Have a question about this project? Sign up for a free GitHub account to open an issue and contact its maintainers and the community.

By clicking “Sign up for GitHub”, you agree to our terms of service and privacy statement. We’ll occasionally send you account related emails.
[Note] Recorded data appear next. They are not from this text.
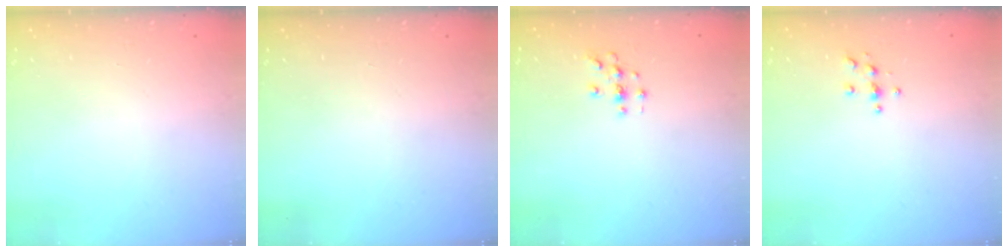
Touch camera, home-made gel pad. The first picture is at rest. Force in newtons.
{"total": 0.0}
{"total": 3.0, "press": 3.0, "slide": 0.3}
{"total": 4.0, "press": 3.9, "slide": 0.4}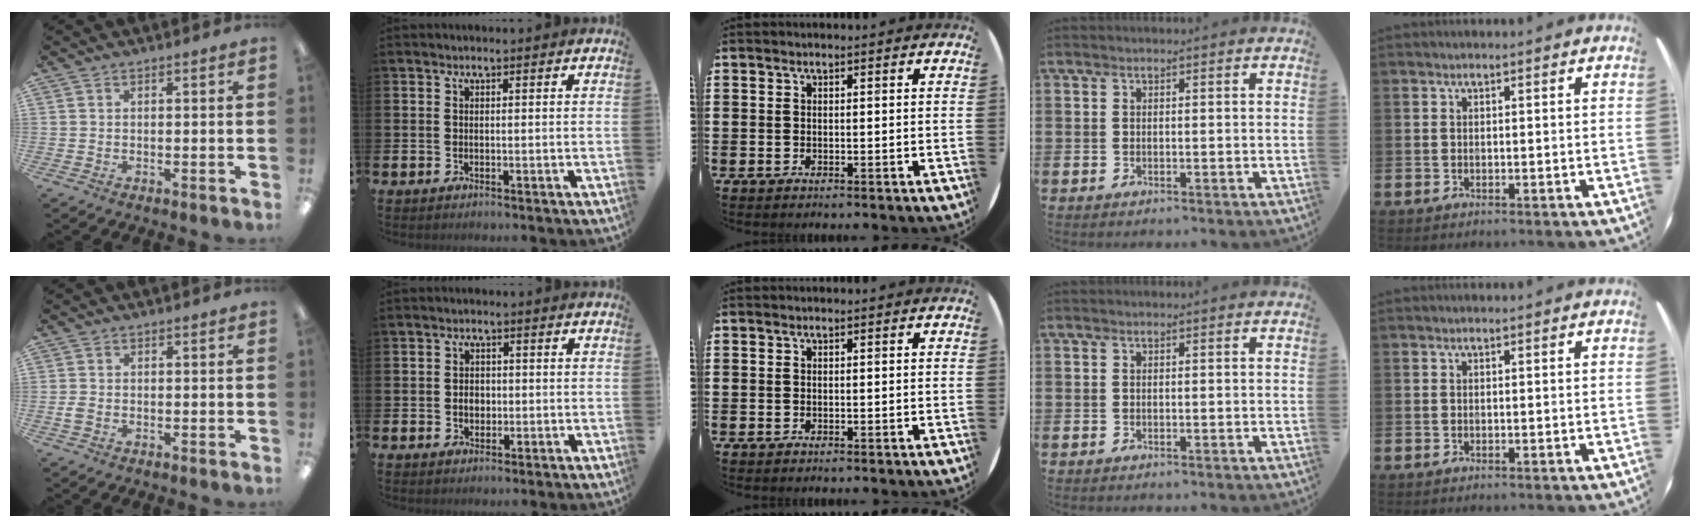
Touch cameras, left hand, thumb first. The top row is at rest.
{"thumb": {"total": 1.7, "force": [-0.6, 1.3, 0.8], "torque": [-0.015, 0.003, -0.010]}, "index": {"total": 2.3, "force": [-0.2, 1.8, 1.3], "torque": [-0.005, -0.003, -0.012]}}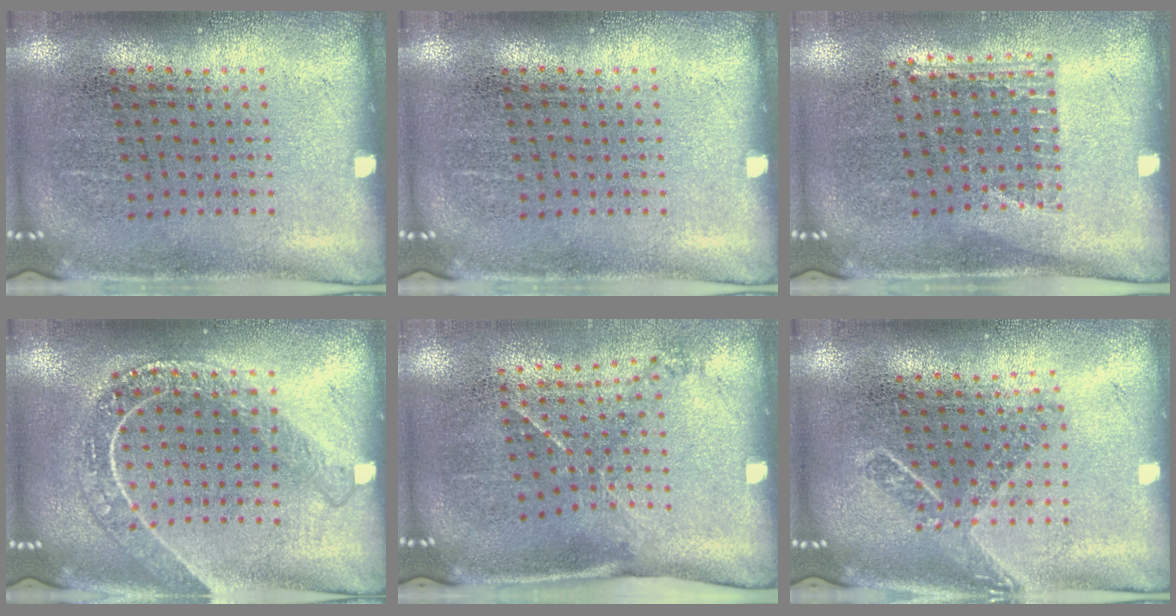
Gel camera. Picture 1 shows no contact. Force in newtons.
{"total": 0.0}
{"total": 1.1, "press": 0.9, "slide": 0.6}
{"total": 1.9, "press": 1.7, "slide": 0.8}
{"total": 1.5, "press": 1.0, "slide": 1.2}
{"total": 1.6, "press": 1.2, "slide": 1.1}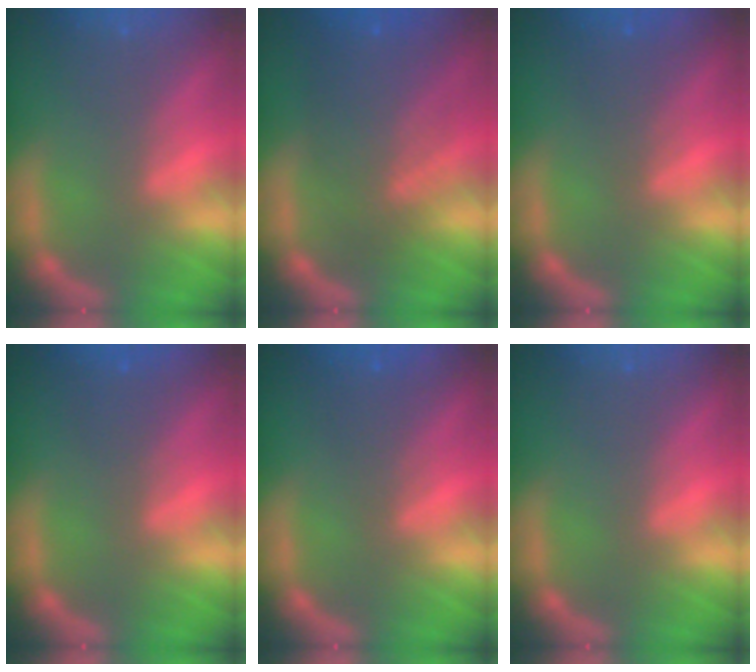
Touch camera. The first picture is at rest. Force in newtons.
{"total": 7.1}
{"total": 2.0}
{"total": 1.5}
{"total": 2.0}
{"total": 0.0}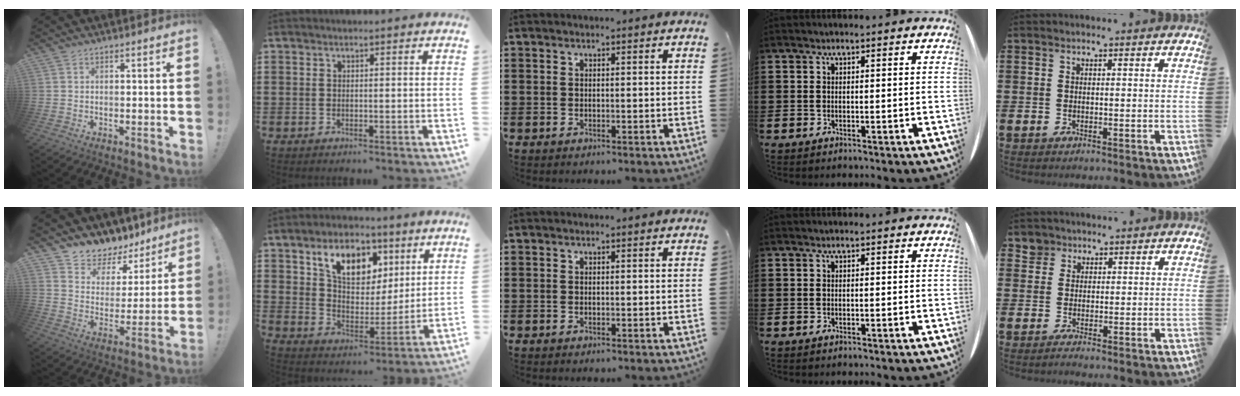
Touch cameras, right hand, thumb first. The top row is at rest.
{"thumb": {"total": 7.8, "force": [6.7, 3.9, 0.5], "torque": [-0.008, -0.073, 0.122]}, "index": {"total": 9.4, "force": [5.2, 6.0, 5.0], "torque": [-0.103, 0.000, 0.089]}, "little": {"total": 1.9, "force": [1.1, 1.4, 0.2], "torque": [0.006, 0.002, 0.018]}}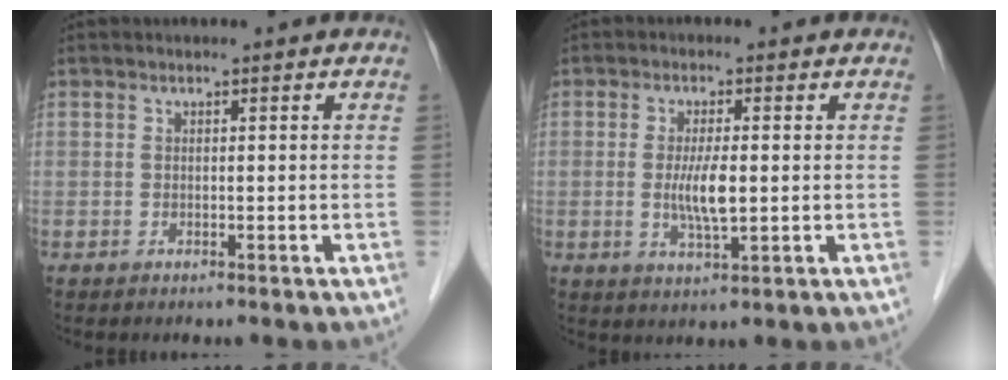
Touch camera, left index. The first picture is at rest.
{"total": 4.9, "force": [-0.1, 0.8, 4.9], "torque": [-0.099, -0.009, -0.002]}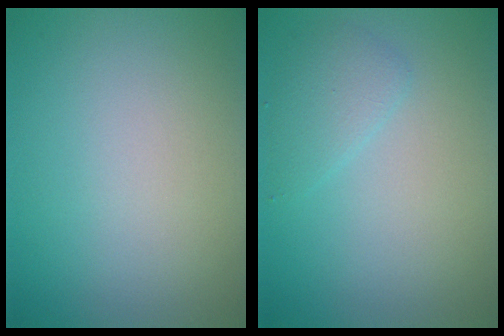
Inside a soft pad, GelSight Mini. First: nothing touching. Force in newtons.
{"total": 1.8, "press": 1.8, "slide": 0.1}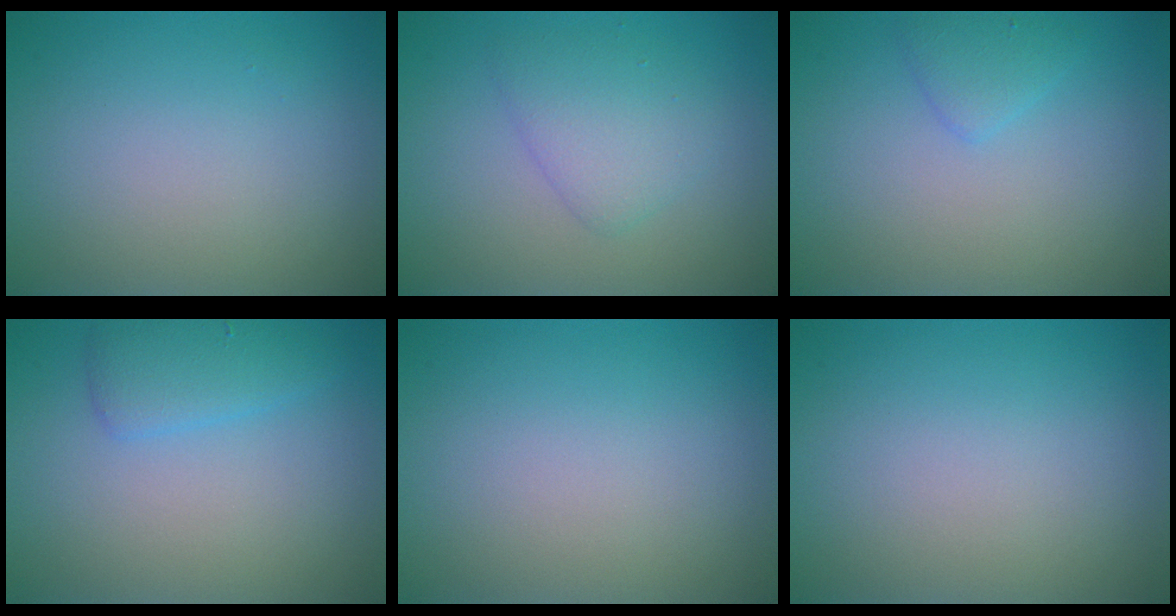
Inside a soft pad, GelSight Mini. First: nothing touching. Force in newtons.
{"total": 2.9, "press": 2.9, "slide": 0.0}
{"total": 1.5, "press": 1.5, "slide": 0.1}
{"total": 2.4, "press": 2.4, "slide": 0.3}
{"total": 0.0}
{"total": 0.0}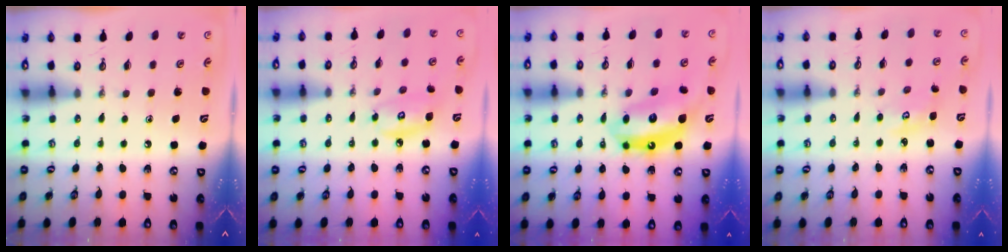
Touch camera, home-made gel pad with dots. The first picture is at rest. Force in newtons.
{"total": 7.4, "press": 7.3, "slide": 0.4}
{"total": 12.8, "press": 12.7, "slide": 1.0}
{"total": 2.9, "press": 2.9, "slide": 0.1}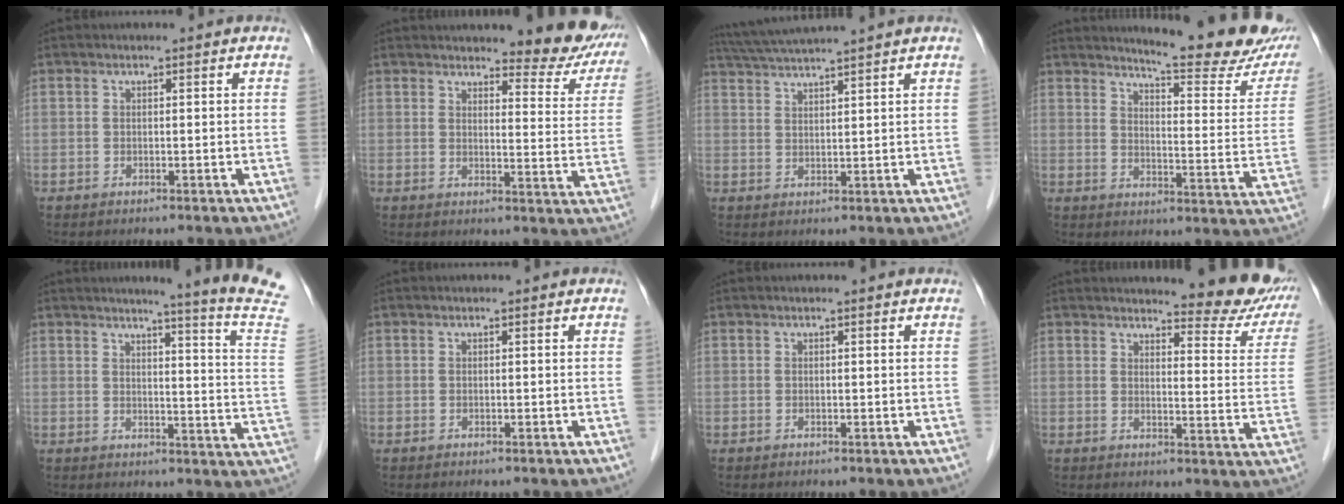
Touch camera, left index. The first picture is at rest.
{"total": 11.7, "force": [10.6, 2.3, 4.3], "torque": [-0.028, -0.031, 0.107]}
{"total": 8.2, "force": [7.3, -1.7, 3.3], "torque": [-0.062, 0.022, 0.122]}
{"total": 18.2, "force": [16.3, 1.4, 8.0], "torque": [-0.103, -0.078, 0.191]}
{"total": 13.6, "force": [11.5, -2.9, 6.6], "torque": [-0.093, -0.084, 0.116]}
{"total": 0.0}
{"total": 0.0}
{"total": 12.6, "force": [11.4, 2.1, 4.8], "torque": [-0.038, -0.043, 0.113]}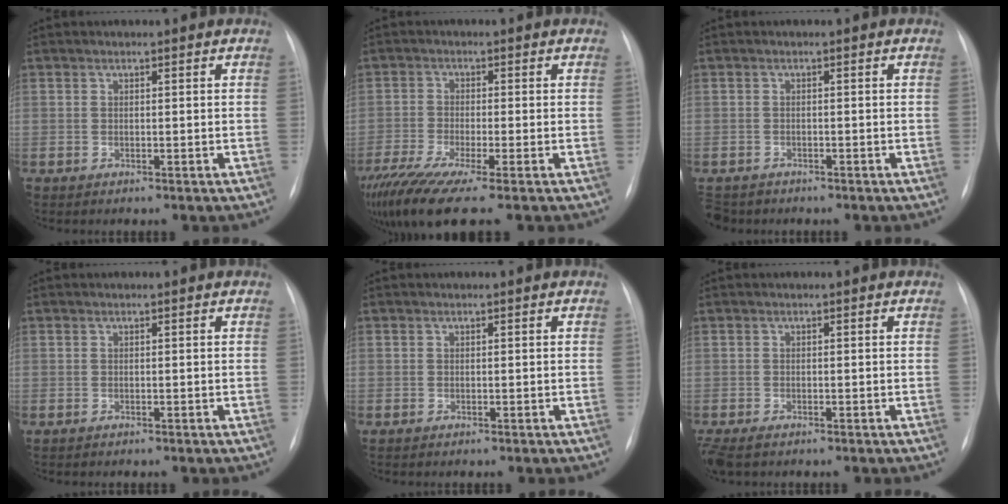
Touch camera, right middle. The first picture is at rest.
{"total": 10.3, "force": [-7.6, 0.4, 6.9], "torque": [-0.118, -0.026, -0.131]}
{"total": 4.4, "force": [-3.6, 2.5, 0.7], "torque": [-0.011, -0.001, -0.060]}
{"total": 0.0}
{"total": 0.0}
{"total": 3.5, "force": [-2.4, 1.4, 2.1], "torque": [-0.047, -0.011, -0.039]}

Already on GitHub? Sign in to your account

Error in query: Cannot partition by nested column: meta.source / java.lang.IllegalArgumentException: Can't find preCombineKey meta.lastUpdated in root #5388

Closed
santoshsb opened this issue Apr 21, 2022 · 6 comments · Fixed by #5517
Assignees
Labels

Comments

@santoshsb
Copy link

Hi Team,

Environment: AWS
emr-6.5.0
Applications: Hive 3.1.2, Tez 0.9.2, Presto 0.261, Spark 3.1.2

I have created a hudi table using spark/spark-session using the following code
`val hudiOptions = Map[String,String](
HoodieWriteConfig.TABLE_NAME -> "patient_hudi",
DataSourceWriteOptions.TABLE_TYPE_OPT_KEY -> "COPY_ON_WRITE",
DataSourceWriteOptions.RECORDKEY_FIELD_OPT_KEY -> "id",
DataSourceWriteOptions.PARTITIONPATH_FIELD_OPT_KEY -> "meta.source",
DataSourceWriteOptions.PRECOMBINE_FIELD_OPT_KEY -> "meta.lastUpdated"
)

readJson.write
.format("org.apache.hudi")
.option(DataSourceWriteOptions.OPERATION_OPT_KEY, DataSourceWriteOptions.INSERT_OPERATION_OPT_VAL)
.options(hudiOptions)
.mode(SaveMode.Overwrite)
.save("s3a://xyz/data/hudi/patient/")`

Now I want to use the spark-sql and load the data from this table for manipulation, followed the documentation to create a new table using existing HUDI table and ran the following query
spark-sql> create table patient_sql using hudi options (primaryKey = 'id', preCombineField = 'meta.lastUpdated') partitioned by (meta.source) location 'xyz/data/hudi/patient/';

And getting the following error

Error in query: Cannot partition by nested column: meta.source

Is partitioning by nested column not supported while using spark-sql or am I missing something here.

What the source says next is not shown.